◆ **Aim of the task**
Please give back all the records exactly, but keep the pictures out.
=== Section Start ===
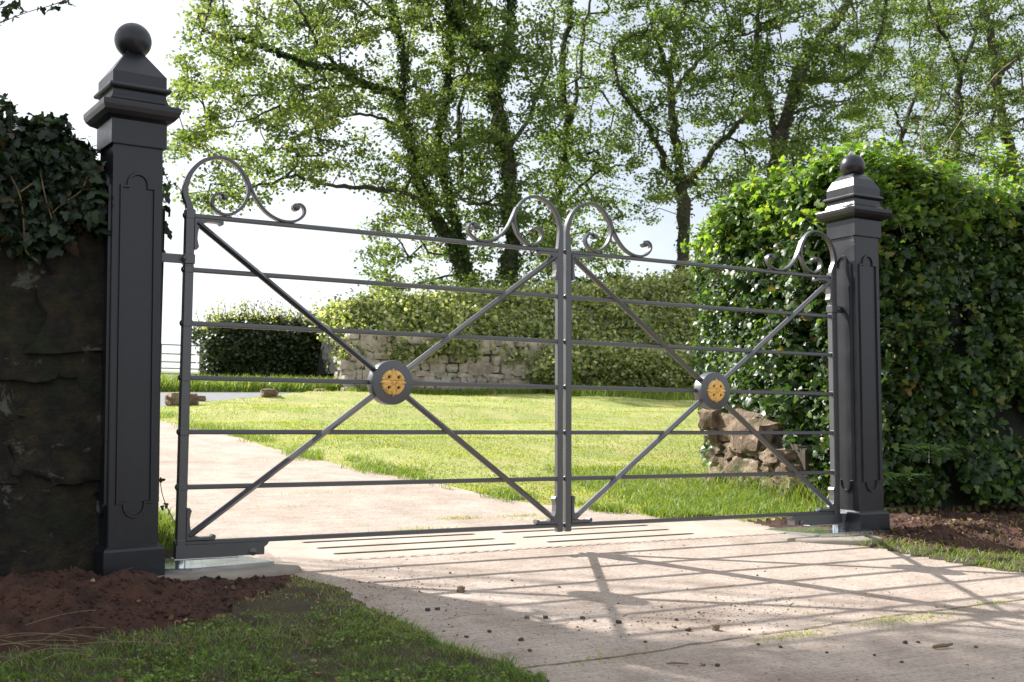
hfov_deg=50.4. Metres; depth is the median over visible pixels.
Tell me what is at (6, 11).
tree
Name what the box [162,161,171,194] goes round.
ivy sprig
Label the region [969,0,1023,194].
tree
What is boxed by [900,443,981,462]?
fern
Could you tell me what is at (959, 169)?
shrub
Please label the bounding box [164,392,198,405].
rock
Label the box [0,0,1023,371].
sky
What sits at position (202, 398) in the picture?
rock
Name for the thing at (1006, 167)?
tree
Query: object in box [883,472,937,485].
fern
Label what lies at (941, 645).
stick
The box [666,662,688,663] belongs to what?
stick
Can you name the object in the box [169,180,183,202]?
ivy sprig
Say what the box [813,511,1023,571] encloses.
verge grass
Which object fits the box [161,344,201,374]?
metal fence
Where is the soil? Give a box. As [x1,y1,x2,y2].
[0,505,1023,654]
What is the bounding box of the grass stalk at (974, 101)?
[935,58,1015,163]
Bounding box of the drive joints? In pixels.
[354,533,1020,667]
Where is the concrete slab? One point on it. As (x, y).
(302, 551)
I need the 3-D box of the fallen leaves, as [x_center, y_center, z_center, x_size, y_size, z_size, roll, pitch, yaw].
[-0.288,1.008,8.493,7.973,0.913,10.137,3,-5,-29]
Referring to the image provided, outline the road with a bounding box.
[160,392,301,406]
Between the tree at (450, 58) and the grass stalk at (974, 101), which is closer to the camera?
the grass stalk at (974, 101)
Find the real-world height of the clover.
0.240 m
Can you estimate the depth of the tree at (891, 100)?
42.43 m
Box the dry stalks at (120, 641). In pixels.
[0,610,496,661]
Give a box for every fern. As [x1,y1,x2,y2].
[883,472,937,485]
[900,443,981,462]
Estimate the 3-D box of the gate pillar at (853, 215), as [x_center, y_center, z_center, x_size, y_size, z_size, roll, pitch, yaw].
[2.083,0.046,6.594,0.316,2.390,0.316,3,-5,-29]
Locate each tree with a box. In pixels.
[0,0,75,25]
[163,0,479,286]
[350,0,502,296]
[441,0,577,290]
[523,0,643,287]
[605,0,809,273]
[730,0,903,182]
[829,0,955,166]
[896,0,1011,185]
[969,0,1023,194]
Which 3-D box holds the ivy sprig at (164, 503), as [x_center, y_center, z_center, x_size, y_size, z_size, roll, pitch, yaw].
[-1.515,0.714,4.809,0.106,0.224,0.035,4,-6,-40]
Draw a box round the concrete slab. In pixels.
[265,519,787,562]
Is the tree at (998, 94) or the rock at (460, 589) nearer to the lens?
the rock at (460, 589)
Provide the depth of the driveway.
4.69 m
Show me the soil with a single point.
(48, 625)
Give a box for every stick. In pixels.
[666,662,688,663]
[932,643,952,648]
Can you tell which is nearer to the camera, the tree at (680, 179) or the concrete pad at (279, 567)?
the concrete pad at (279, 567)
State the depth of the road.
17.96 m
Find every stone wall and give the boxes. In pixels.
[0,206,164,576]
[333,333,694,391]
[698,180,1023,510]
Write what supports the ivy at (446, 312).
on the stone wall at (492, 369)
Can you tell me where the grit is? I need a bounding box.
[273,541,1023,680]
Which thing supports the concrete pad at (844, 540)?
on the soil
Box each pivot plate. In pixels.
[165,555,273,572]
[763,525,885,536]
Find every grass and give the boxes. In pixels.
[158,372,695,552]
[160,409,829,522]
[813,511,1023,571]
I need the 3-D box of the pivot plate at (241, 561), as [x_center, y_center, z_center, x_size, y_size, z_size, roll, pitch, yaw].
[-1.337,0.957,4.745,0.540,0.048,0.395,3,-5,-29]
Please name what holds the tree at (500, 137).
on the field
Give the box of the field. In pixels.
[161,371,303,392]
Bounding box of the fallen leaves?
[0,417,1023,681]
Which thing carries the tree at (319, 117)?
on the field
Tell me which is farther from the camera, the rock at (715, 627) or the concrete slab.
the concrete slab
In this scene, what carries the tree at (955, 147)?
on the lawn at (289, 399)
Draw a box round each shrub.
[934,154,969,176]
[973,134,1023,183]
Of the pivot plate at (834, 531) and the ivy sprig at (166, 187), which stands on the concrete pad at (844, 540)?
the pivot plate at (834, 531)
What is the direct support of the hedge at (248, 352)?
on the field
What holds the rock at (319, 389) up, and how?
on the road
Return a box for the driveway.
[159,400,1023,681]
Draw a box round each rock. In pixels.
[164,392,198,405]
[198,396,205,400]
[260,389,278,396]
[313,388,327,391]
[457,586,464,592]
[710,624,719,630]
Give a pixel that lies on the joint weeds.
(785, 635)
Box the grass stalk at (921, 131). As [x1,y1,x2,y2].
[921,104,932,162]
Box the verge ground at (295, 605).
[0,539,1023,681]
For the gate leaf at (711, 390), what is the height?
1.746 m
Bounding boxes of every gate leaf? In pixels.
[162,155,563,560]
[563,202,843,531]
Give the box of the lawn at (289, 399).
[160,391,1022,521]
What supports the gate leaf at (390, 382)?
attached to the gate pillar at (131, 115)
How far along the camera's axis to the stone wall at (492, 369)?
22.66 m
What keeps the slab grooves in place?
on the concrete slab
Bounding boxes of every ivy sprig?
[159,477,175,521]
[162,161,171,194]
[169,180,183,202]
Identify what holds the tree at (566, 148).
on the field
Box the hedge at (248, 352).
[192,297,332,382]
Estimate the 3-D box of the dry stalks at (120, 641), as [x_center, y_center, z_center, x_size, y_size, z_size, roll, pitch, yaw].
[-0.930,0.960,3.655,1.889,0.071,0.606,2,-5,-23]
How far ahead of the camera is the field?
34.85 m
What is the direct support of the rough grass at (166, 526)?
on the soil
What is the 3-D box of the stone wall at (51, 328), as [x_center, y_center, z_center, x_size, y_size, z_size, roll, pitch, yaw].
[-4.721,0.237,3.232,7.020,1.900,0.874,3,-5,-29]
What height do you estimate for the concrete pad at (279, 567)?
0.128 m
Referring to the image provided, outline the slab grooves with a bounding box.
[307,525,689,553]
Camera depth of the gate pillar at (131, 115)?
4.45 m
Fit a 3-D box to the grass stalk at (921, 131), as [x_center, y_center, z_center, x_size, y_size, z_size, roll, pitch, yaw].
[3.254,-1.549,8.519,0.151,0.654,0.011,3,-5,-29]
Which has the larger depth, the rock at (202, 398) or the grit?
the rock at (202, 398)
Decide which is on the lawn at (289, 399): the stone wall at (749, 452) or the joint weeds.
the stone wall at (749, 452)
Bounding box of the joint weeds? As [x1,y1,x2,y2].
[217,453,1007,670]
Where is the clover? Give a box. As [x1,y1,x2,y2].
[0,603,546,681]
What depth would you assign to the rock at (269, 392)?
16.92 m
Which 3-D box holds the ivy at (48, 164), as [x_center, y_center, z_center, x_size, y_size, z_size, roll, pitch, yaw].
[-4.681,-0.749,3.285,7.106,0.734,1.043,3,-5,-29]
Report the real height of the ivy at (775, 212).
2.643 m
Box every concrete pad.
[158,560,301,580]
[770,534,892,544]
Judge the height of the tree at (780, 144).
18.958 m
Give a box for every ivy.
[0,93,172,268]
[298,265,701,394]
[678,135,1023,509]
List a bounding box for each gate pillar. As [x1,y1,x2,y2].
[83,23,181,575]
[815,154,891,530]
=== Section End ===
◆ **Answer**
hfov_deg=50.4. Metres; depth is the median over visible pixels.
Tell me what is at (6, 11).
tree
Name what the box [162,161,171,194] goes round.
ivy sprig
Label the region [969,0,1023,194].
tree
What is boxed by [900,443,981,462]?
fern
Could you tell me what is at (959, 169)?
shrub
Please label the bounding box [164,392,198,405].
rock
Label the box [0,0,1023,371].
sky
What sits at position (202, 398) in the picture?
rock
Name for the thing at (1006, 167)?
tree
Query: object in box [883,472,937,485].
fern
Label what lies at (941, 645).
stick
The box [666,662,688,663] belongs to what?
stick
Can you name the object in the box [169,180,183,202]?
ivy sprig
Say what the box [813,511,1023,571] encloses.
verge grass
Which object fits the box [161,344,201,374]?
metal fence
Where is the soil? Give a box. As [x1,y1,x2,y2].
[0,505,1023,654]
What is the bounding box of the grass stalk at (974, 101)?
[935,58,1015,163]
Bounding box of the drive joints? In pixels.
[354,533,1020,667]
Where is the concrete slab? One point on it. As (x, y).
(302, 551)
I need the 3-D box of the fallen leaves, as [x_center, y_center, z_center, x_size, y_size, z_size, roll, pitch, yaw].
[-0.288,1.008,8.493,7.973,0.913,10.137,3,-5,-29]
Referring to the image provided, outline the road with a bounding box.
[160,392,301,406]
Between the tree at (450, 58) and the grass stalk at (974, 101), which is closer to the camera?
the grass stalk at (974, 101)
Find the real-world height of the clover.
0.240 m
Can you estimate the depth of the tree at (891, 100)?
42.43 m
Box the dry stalks at (120, 641). In pixels.
[0,610,496,661]
Give a box for every fern. As [x1,y1,x2,y2].
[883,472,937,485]
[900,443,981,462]
Estimate the 3-D box of the gate pillar at (853, 215), as [x_center, y_center, z_center, x_size, y_size, z_size, roll, pitch, yaw].
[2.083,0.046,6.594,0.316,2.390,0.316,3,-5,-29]
Locate each tree with a box. In pixels.
[0,0,75,25]
[163,0,479,286]
[350,0,502,296]
[441,0,577,290]
[523,0,643,287]
[605,0,809,273]
[730,0,903,182]
[829,0,955,166]
[896,0,1011,185]
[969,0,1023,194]
Which 3-D box holds the ivy sprig at (164, 503), as [x_center, y_center, z_center, x_size, y_size, z_size, roll, pitch, yaw].
[-1.515,0.714,4.809,0.106,0.224,0.035,4,-6,-40]
Draw a box round the concrete slab. In pixels.
[265,519,787,562]
Is the tree at (998, 94) or the rock at (460, 589) nearer to the lens?
the rock at (460, 589)
Provide the depth of the driveway.
4.69 m
Show me the soil with a single point.
(48, 625)
Give a box for every stick. In pixels.
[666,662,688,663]
[932,643,952,648]
Can you tell which is nearer to the camera, the tree at (680, 179) or the concrete pad at (279, 567)?
the concrete pad at (279, 567)
State the depth of the road.
17.96 m
Find every stone wall and give the boxes. In pixels.
[0,206,164,576]
[333,333,694,391]
[698,180,1023,510]
Write what supports the ivy at (446, 312).
on the stone wall at (492, 369)
Can you tell me where the grit is? I need a bounding box.
[273,541,1023,680]
Which thing supports the concrete pad at (844, 540)?
on the soil
Box each pivot plate. In pixels.
[165,555,273,572]
[763,525,885,536]
Find every grass and give the boxes. In pixels.
[158,372,695,552]
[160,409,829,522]
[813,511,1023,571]
I need the 3-D box of the pivot plate at (241, 561), as [x_center, y_center, z_center, x_size, y_size, z_size, roll, pitch, yaw].
[-1.337,0.957,4.745,0.540,0.048,0.395,3,-5,-29]
Please name what holds the tree at (500, 137).
on the field
Give the box of the field. In pixels.
[161,371,303,392]
Bounding box of the fallen leaves?
[0,417,1023,681]
Which thing carries the tree at (319, 117)?
on the field
Tell me which is farther from the camera, the rock at (715, 627) or the concrete slab.
the concrete slab
In this scene, what carries the tree at (955, 147)?
on the lawn at (289, 399)
Draw a box round each shrub.
[934,154,969,176]
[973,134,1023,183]
Of the pivot plate at (834, 531) and the ivy sprig at (166, 187), which stands on the concrete pad at (844, 540)?
the pivot plate at (834, 531)
What is the direct support of the hedge at (248, 352)?
on the field
What holds the rock at (319, 389) up, and how?
on the road
Return a box for the driveway.
[159,400,1023,681]
Draw a box round each rock. In pixels.
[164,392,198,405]
[198,396,205,400]
[260,389,278,396]
[313,388,327,391]
[457,586,464,592]
[710,624,719,630]
Give a pixel that lies on the joint weeds.
(785, 635)
Box the grass stalk at (921, 131). As [x1,y1,x2,y2].
[921,104,932,162]
Box the verge ground at (295, 605).
[0,539,1023,681]
For the gate leaf at (711, 390), what is the height?
1.746 m
Bounding boxes of every gate leaf? In pixels.
[162,155,563,560]
[563,202,843,531]
Give the box of the lawn at (289, 399).
[160,391,1022,521]
What supports the gate leaf at (390, 382)?
attached to the gate pillar at (131, 115)
How far along the camera's axis to the stone wall at (492, 369)?
22.66 m
What keeps the slab grooves in place?
on the concrete slab
Bounding boxes of every ivy sprig?
[159,477,175,521]
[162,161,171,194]
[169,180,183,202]
Identify what holds the tree at (566, 148).
on the field
Box the hedge at (248, 352).
[192,297,332,382]
Estimate the 3-D box of the dry stalks at (120, 641), as [x_center, y_center, z_center, x_size, y_size, z_size, roll, pitch, yaw].
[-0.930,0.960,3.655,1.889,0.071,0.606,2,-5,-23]
How far ahead of the camera is the field?
34.85 m
What is the direct support of the rough grass at (166, 526)?
on the soil
What is the 3-D box of the stone wall at (51, 328), as [x_center, y_center, z_center, x_size, y_size, z_size, roll, pitch, yaw].
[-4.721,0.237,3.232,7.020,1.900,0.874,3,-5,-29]
What height do you estimate for the concrete pad at (279, 567)?
0.128 m
Referring to the image provided, outline the slab grooves with a bounding box.
[307,525,689,553]
Camera depth of the gate pillar at (131, 115)?
4.45 m
Fit a 3-D box to the grass stalk at (921, 131), as [x_center, y_center, z_center, x_size, y_size, z_size, roll, pitch, yaw].
[3.254,-1.549,8.519,0.151,0.654,0.011,3,-5,-29]
Which has the larger depth, the rock at (202, 398) or the grit?
the rock at (202, 398)
Decide which is on the lawn at (289, 399): the stone wall at (749, 452) or the joint weeds.
the stone wall at (749, 452)
Bounding box of the joint weeds? As [x1,y1,x2,y2].
[217,453,1007,670]
Where is the clover? Give a box. As [x1,y1,x2,y2].
[0,603,546,681]
What depth would you assign to the rock at (269, 392)?
16.92 m
Which 3-D box holds the ivy at (48, 164), as [x_center, y_center, z_center, x_size, y_size, z_size, roll, pitch, yaw].
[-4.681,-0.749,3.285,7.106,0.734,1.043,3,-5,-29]
Report the real height of the ivy at (775, 212).
2.643 m
Box every concrete pad.
[158,560,301,580]
[770,534,892,544]
Judge the height of the tree at (780, 144).
18.958 m
Give a box for every ivy.
[0,93,172,268]
[298,265,701,394]
[678,135,1023,509]
List a bounding box for each gate pillar. As [x1,y1,x2,y2].
[83,23,181,575]
[815,154,891,530]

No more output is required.